4th Chancellor of the University of Jaffna
- Preceded by: M. Sivasuriya

Personal details
- Born: 20 March 1940 (age 86) Araly, Ceylon
- Alma mater: Jaffna College University of Ceylon University of London
- Profession: Academic

= S. Pathmanathan =

Professor Sivasubramaniam Pathmanathan (சிவசுப்பிரமணியம் பத்மநாதன்; born 20 March 1940) is a Sri Lankan Tamil historian, academic, author and former chancellor of the University of Jaffna.

==Early life and family==
Pathmanathan was born on 20 March 1940 in Araly in northern Ceylon. He is the son of Sivasubramaniam, a teacher at Vaddukoddai Hindu College, and Sivapakkiyam. He was educated at Jaffna College. After school he joined the University of Ceylon, Peradeniya from where he received a BA special degree in history in 1963.

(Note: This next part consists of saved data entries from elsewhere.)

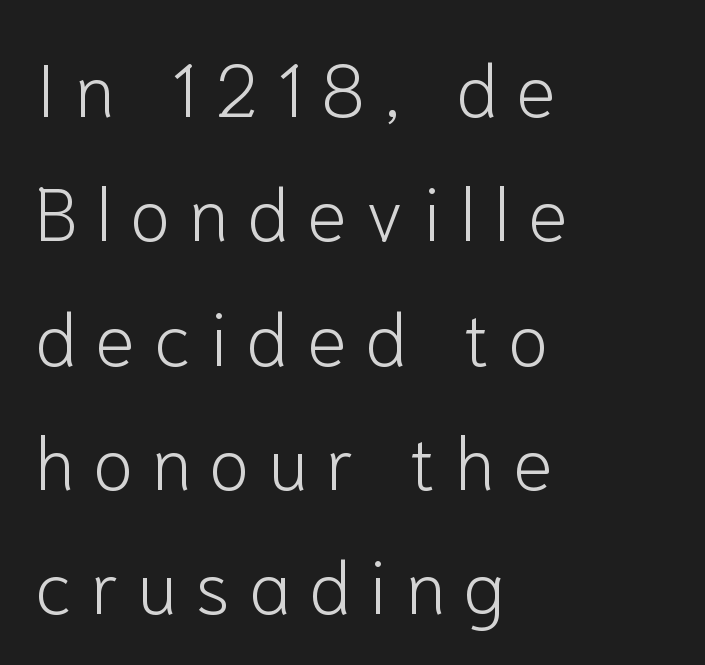
Italic: no, the glyphs are upright roman. Compared with a typical body face, this is equally light or lighter still. The glyphs in this specimen are sans serif. Glance below the letters and you will spot only blank space. Varying glyph widths throughout — classic text-font behaviour.
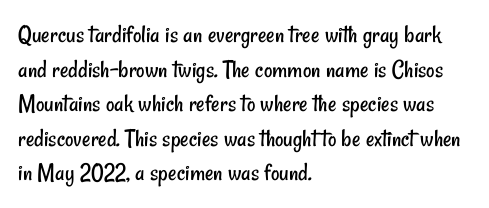
The image shows 26 px text type; set left-aligned, normal line spacing (1.33x), normal letter spacing, not underlined.
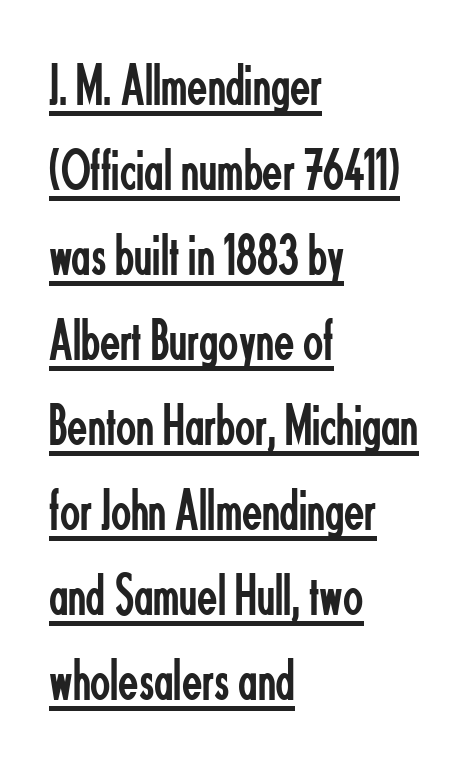
The image shows 59 px regular-weight, condensed sans-serif type, upright; set left-aligned, normal line spacing (1.44x), normal letter spacing, underlined; low stroke contrast and a small x-height.
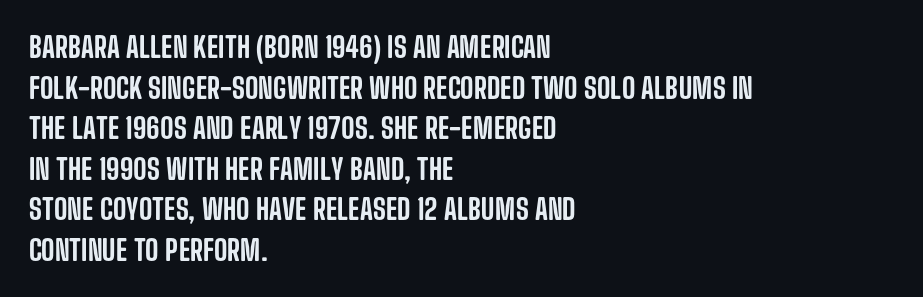
The lines in this sample share a left origin and differ only in where they stop. The face used here is proportionally spaced, like ordinary book or web type. This sample uses an upright cut, with every glyph sitting square on the baseline. A typesetter would call this leading conventional body-copy spacing. Type style note: lacks serifs. The passage shown is not underscored anywhere.
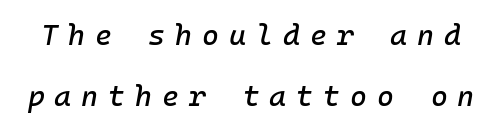
The image shows 29 px text type, italic (leaning right); set loose line spacing (2.09x), unusually wide letter spacing (+0.34 em), not underlined; low stroke contrast and a medium x-height.
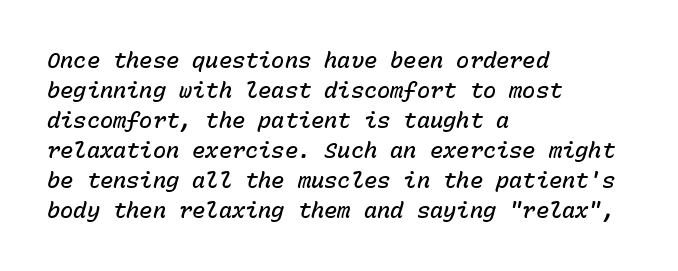
Q: Is the text bold? A: Semi-bold.
Q: Is the text italic (slanted)? A: Yes, it leans right by about 15 degrees.
Q: Is the text underlined? A: No.
Q: How is the paragraph aligned? A: Left-aligned.
Q: Is the spacing between letters normal or unusually wide? A: Normal.
Q: Is the spacing between lines tight, normal or loose? A: Normal.

Pathmanathan in married to Pathmaleela. They have three sons (Hariharan, Sriharan and Sivasankar) and two daughters (Sudharshni and Sivadharshni).

==Career==
Pathmanathan joined the University of Ceylon, Peradeniya in 1963 as an assistant lecturer in history. He was promoted to lecturer (1969), senior lecturer (1975) and associate professor (1981). In 1969 he received a Ph.D in South Asian history from the University of London. He was also a visiting lecturer of history/Hindu civilisation at the University of Ceylon, Colombo (1970–72) and visiting lecturer of history University of Sri Lanka Vidyalankara campus (1975–77). He joined the University of Jaffna in 1986 as professor of history, serving until 2004. He returned to the University of Peradeniya as professor of history in 1995, serving until 2006. He was head of the Department of History at Peradeniya between 2001 and 2002. He was a visiting professor at the University of Cologne's Institute of Indology and Tamil Studies (2003–04) and Uppsala University (2004). He retired in May 2006.

After retirement Pathmanathan became an emeritus professor of history at University of Peradeniya. He was a visiting professor at Eastern University, Sri Lanka (2007–08) where he helped establish the Hindu Civilisation discipline. In 2008 he served as a consultant in Hindu studies at the South Eastern University of Sri Lanka. He later became chancellor of the University of Jaffna.

Pathmanathan has served in various positions including vice chairman of the University Grants Commission (1994–99) and a member of the National Education Commission (1991-2001). He was a consultant to the Ministry of Hindu Affairs between 2002 and 2003. Pathmanathan was awarded the Sri Lanka Sikhamani title in the 2017 Sri Lankan national honours.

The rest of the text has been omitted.